Интерес к «дикому», варварскому сознанию и сюрреалистическую мимикрию под него Боулз перенесет вскоре на современный материал, что позволит ему с невозмутимой брезгливостью вскрыть главную язву своего времени: кризис гуманистических ценностей, полную утрату веры в человечность человека, охватившую западный мир после двух войн. Герой-рассказчик «Записок с Холодного Мыса», бывший университетский преподаватель, сбежавший из Америки, выражает это состояние «цивилизованного варварства» с циничной откровенностью: «Нашей цивилизации суждена короткая жизнь — уж очень компоненты разнородны. Однако лично меня вполне устраивает, что все трещит по швам. Чем мощнее бомбы, тем скорее конец. На вид жизнь слишком отвратительна, чтобы стараться ее сохранить. Пусть ее. Возможно, когда-нибудь на смену придет иная форма жизни. Впрочем, так будет или эдак, значения не имеет. И в то же время я сам — пока еще часть жизни и посему обязан защищать себя, как умею. Поэтому я здесь. Тут, на островах, растительность до сих пор преобладает, и человек должен сражаться, чтобы явить само свое присутствие. Здесь красиво, пассаты дуют круглый год, и я подозреваю, что никто не станет тратить бомбы на нашу почти безлюдную часть острова — да и на любую его часть». И действительно, настигают героя не бомбы, а кое-что похуже, можно сказать, его же собственная опустошенность, принявшая обличье детски-невинной порочности его юного отпрыска. Подросток сначала совращает туземных мальчишек, а потом и своего отца, которого под страхом огласки вынуждает затем перевести все родительские деньги на свой счет. Вот как Боулз описывает поворотный, судьбоносный момент (и в этом «как» — он весь): «В комнате дышать было нечем. Я сбросил одежду на стул и глянул на ночной столик: на месте ли графин с водой. И тут у меня отпала челюсть. На моей кровати верхняя простыня была сбита к изножью. У дальнего края, темным силуэтом на белой нижней простыне спал на боку Рэки, голый.

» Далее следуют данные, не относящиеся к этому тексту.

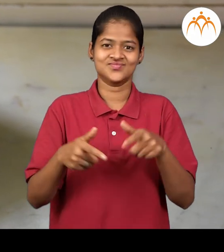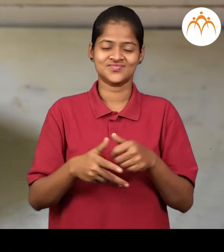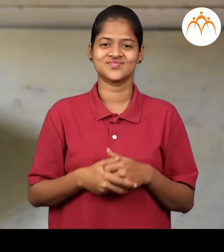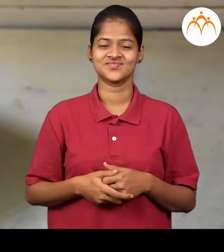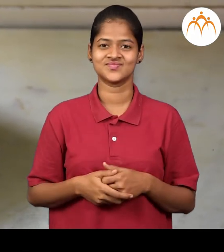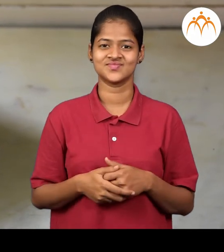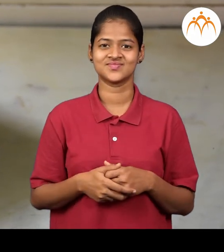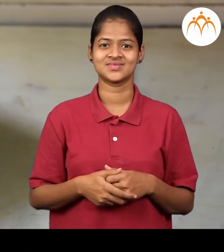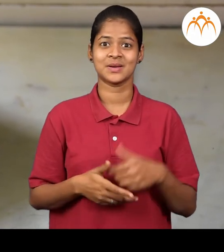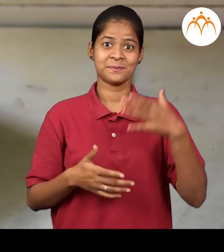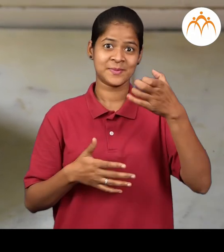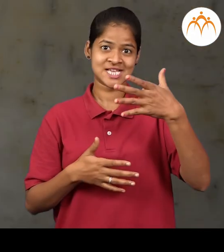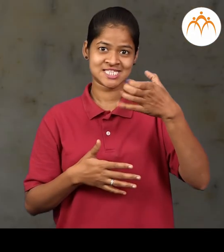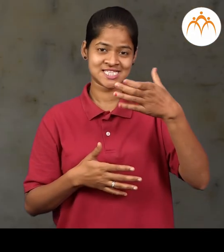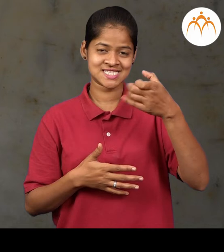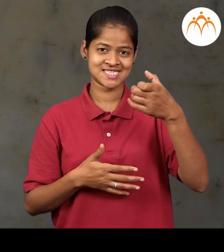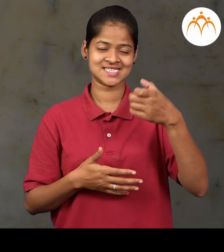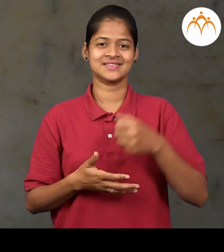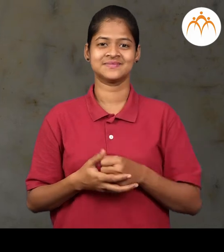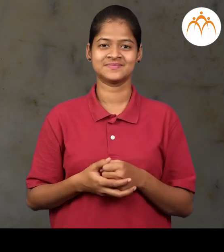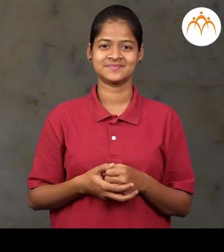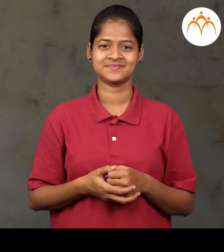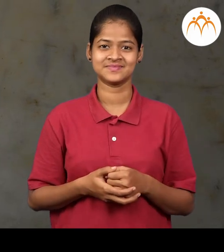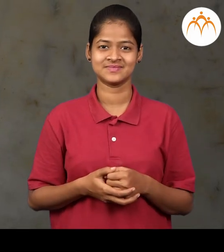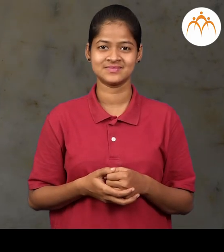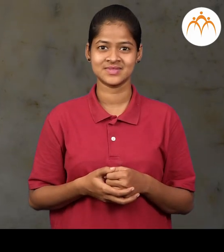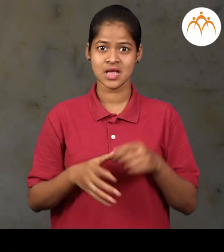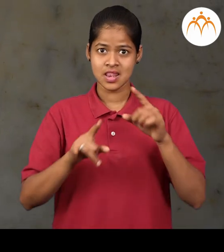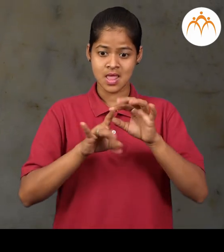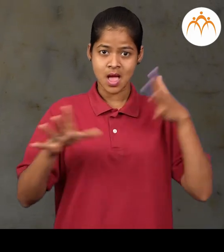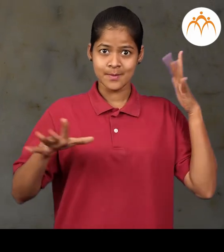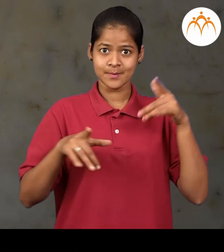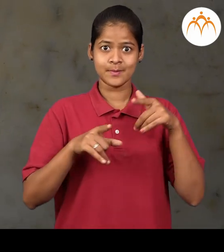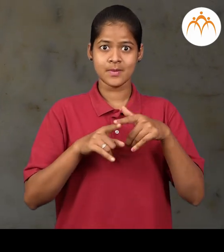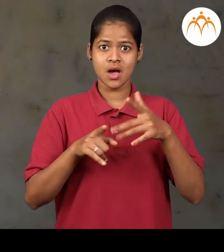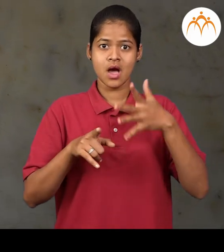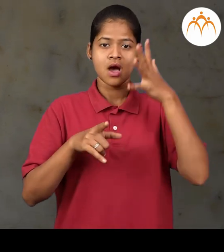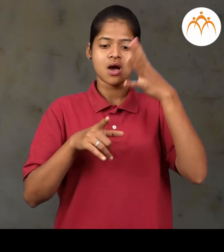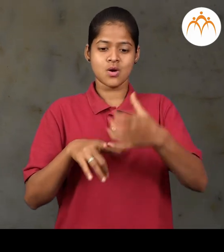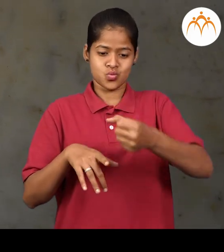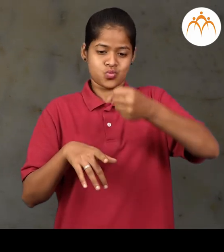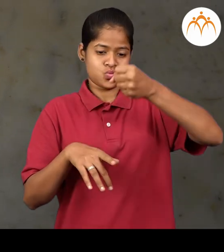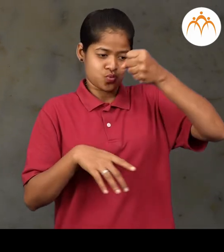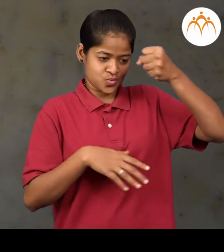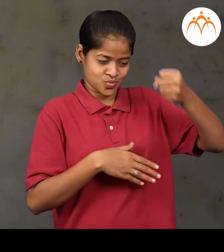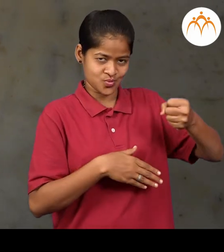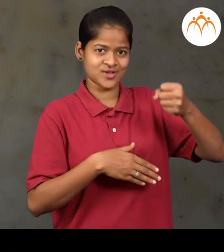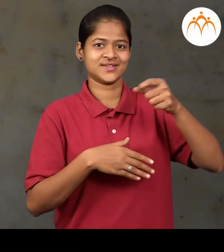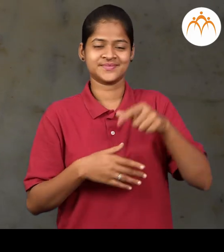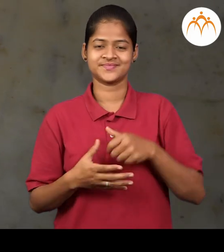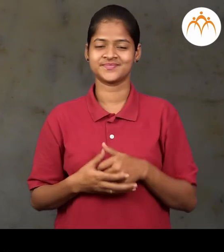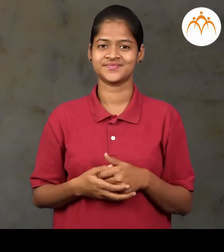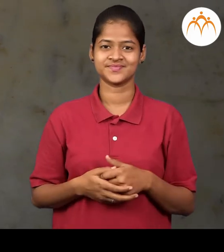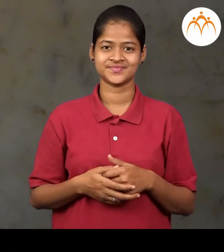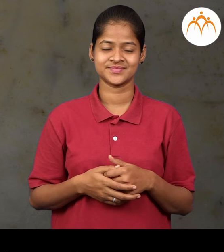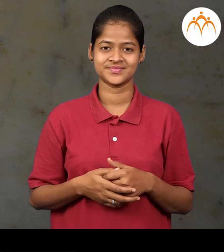चिम्टा चिम्ट्याने गरम वस्तू पकडतात

Я долго стоял и смотрел на него, вероятно, не дыша, поскольку в какой-то момент, как я сейчас припоминаю, у меня закружилась голова. Я шептал себе, скользя взглядом по изгибу его руки, по плечу, спине, бедру, ноге: — Дитя. Дитя.

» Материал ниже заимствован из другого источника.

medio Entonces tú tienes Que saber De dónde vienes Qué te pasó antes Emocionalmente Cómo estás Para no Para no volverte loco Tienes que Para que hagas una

Судьба, когда вдруг ясно воспринимаешь ее, подступив чуть ли не вплотную, лишена свойств. Ее понимание и осознание ясности этого видения не оставляют на горизонте разума места для чего-либо еще. В конце концов я выключил свет и тихонько лег. Ночь была абсолютно черна».
Подобно вплотную подступившей судьбе, превращающей разум и западную рациональность в пустыню, письмо Боулза лишено свойств. В самых леденящих, завораживающих сценах падения или насилия он сохраняет невозмутимую ясность и отрешенность хирурга, заставляя читателя испытывать головокружительное чувство, будто все это происходит с ним самим. В отличие от большинства других мастеров нагнетания ужаса, включая и повлиявшего на него Эдгара По, Боулз никогда не вдается в натуралистические описания, не смакует детали, не нанизывает прилагательные, призванные внушить «нужное» чувство. Напротив, он «просто» сообщает факты, как если бы говорил о самых заурядных, обыкновенных вещах. Отсюда и неотразимое воздействие его прозы, бесстрастной, беспросветно мрачной, под стать все той же ослепительной «точке», откуда возвращение невозможно и которую именно поэтому и нужно достичь.